It all seems simple enough: get  two tuners and two antennas spaced apart. Then when one antenna is compromised by signal fade and signal bounce, the other antenna may have a better signal to offer. So all we need to do now is select the best signal and send it to the output, right?

But that's when all the trouble starts. It turns out that selecting the best signal, which seems easy at first glance, is no easy task. Take diversity systems that work on received signal strength (RSSI for short) as an example. It seems clever to monitor the signal strength of each signal and pick the strongest one, because the strongest signal must be the best signal, right? Well as it turns out, the answer is 'only sometimes.' Consider an antenna that is being blasted by a signal from some interfering source. The interfering signal may appear stronger, but it's not your signal. Instead of being yours, it could be anything—wifi, some other form of communication or who knows what? But whatever it is, if you send it to your video screen, you can bet that the result is going to be pretty ugly. Suddenly it's not so clear (pun intended) that RSSI diversity systems are a good solution.

Or how about those systems that are made from two single receivers and a switching box that examines the video sync pulses to see if one is missing? It seems reasonable that if they could detect when one was missing, they could switch to the other signal, right? You already know the answer: 'only sometimes.' That's because by the time they figure out that the sync pulse is missing, the video signal and therefore the way it looks on your screen is already loused up. Worse, if you switch to the other signal, it may have a missing sync pulse too. Then what? You see, it's not uncommon for your video transmission to mix it up with interfering signals to produce some really weird results that still include your original sync pulses. The resulting signal still looks O.K. to some diversity systems and no diversity switching occurs. This type of diversity system just can't cope with this sort of thing and is not going to make you very happy.

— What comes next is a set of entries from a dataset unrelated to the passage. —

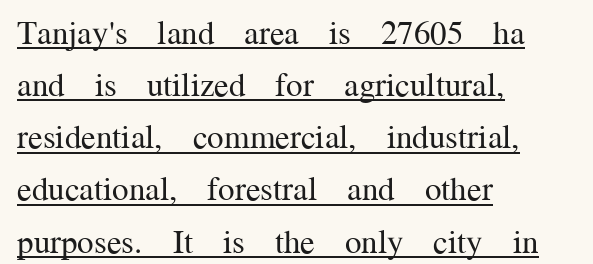
Q: Is the text bold? A: No.
Q: Is the text italic (slanted)? A: No, it is upright.
Q: Is the typeface a serif or a sans-serif typeface? A: Serif.
Q: Is the text underlined? A: Yes.
Q: How is the paragraph aligned? A: Left-aligned.
Q: Is the spacing between letters normal or unusually wide? A: Normal.
Q: Is the spacing between lines tight, normal or loose? A: Normal.
Q: Width (condensed, normal, or wide)? A: Normal.
Q: Stroke contrast? A: Medium.
Q: x-height? A: Medium.
Q: Monospaced? A: No.
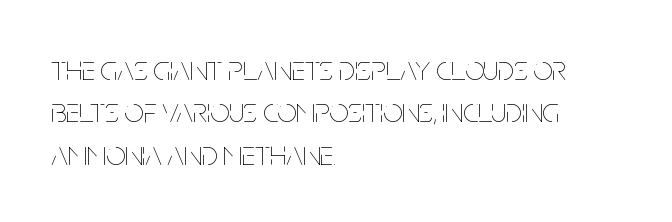
The image shows 34 px thin, condensed type, upright; set left-aligned, normal line spacing (1.25x), normal letter spacing, not underlined; low stroke contrast and a large x-height.
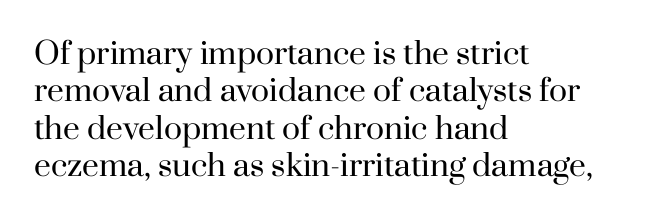
Q: Is the text bold? A: No.
Q: Is the text italic (slanted)? A: No, it is upright.
Q: Is the typeface a serif or a sans-serif typeface? A: Serif.
Q: Is the text underlined? A: No.
Q: How is the paragraph aligned? A: Left-aligned.
Q: Is the spacing between letters normal or unusually wide? A: Normal.
Q: Is the spacing between lines tight, normal or loose? A: Normal.
Q: Width (condensed, normal, or wide)? A: Normal.
Q: Stroke contrast? A: High.
Q: x-height? A: Small.
Q: Monospaced? A: No.
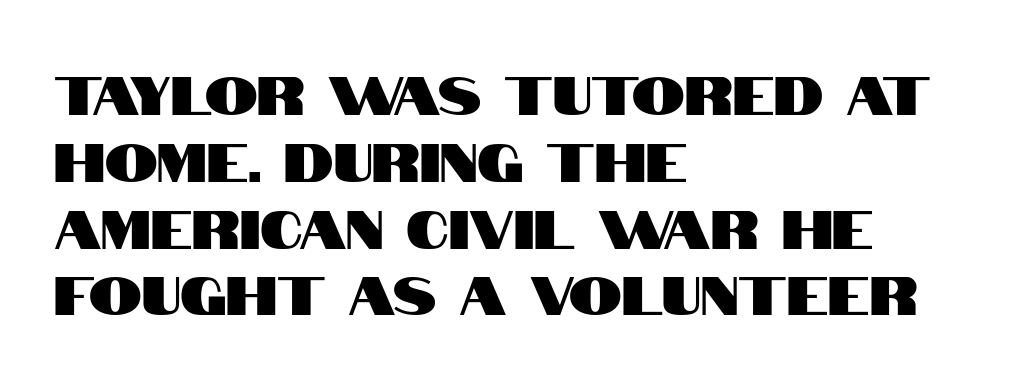
Q: Is the text italic (slanted)? A: No, it is upright.
Q: Is the typeface a serif or a sans-serif typeface? A: Sans-serif.
Q: Is the text underlined? A: No.
Q: How is the paragraph aligned? A: Left-aligned.
Q: Is the spacing between letters normal or unusually wide? A: Normal.
Q: Is the spacing between lines tight, normal or loose? A: Normal.
Q: Width (condensed, normal, or wide)? A: Condensed.
Q: Stroke contrast? A: High.
Q: x-height? A: Large.
Q: Monospaced? A: No.
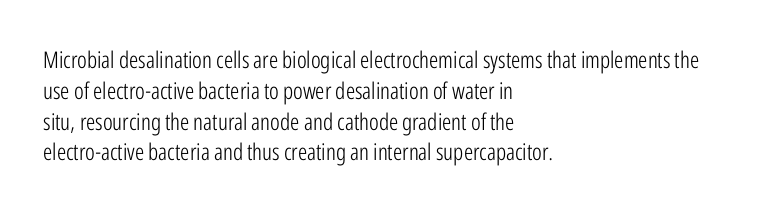
Q: Is the text bold? A: No.
Q: Is the text italic (slanted)? A: No, it is upright.
Q: Is the text underlined? A: No.
Q: How is the paragraph aligned? A: Left-aligned.
Q: Is the spacing between letters normal or unusually wide? A: Normal.
Q: Is the spacing between lines tight, normal or loose? A: Normal.
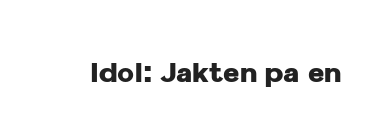
Q: Is the text bold? A: Yes.
Q: Is the text italic (slanted)? A: No, it is upright.
Q: Is the typeface a serif or a sans-serif typeface? A: Sans-serif.
Q: Is the text underlined? A: No.
Q: Is the spacing between letters normal or unusually wide? A: Normal.
Q: Width (condensed, normal, or wide)? A: Normal.
Q: Stroke contrast? A: Low.
Q: x-height? A: Medium.
Q: Monospaced? A: No.

So at Iftron, we decided to rethink the problems and limitations of diversity receivers and the result is a patent pending line of diversity products that combine real-time analysis of signal quality and sync pulse integrity in a novel way to determine which signal is the best. The result is a diversity system that we think is better then the sum of its parts. By uniquely combining the most important factors, our system chooses the best signal more often then either of the afore mentioned methods combined. Yes, there will be those times when neither signal is a good choice, so we can't claim to walk on radio waves, but on average, our novel system turns in performance that can outshine systems costing thousands more. Best of all, we have built this patent pending performance into both our YellowJacket Pro and our new Nano Modular Diversity products. So whichever you choose, Iftron has you covered.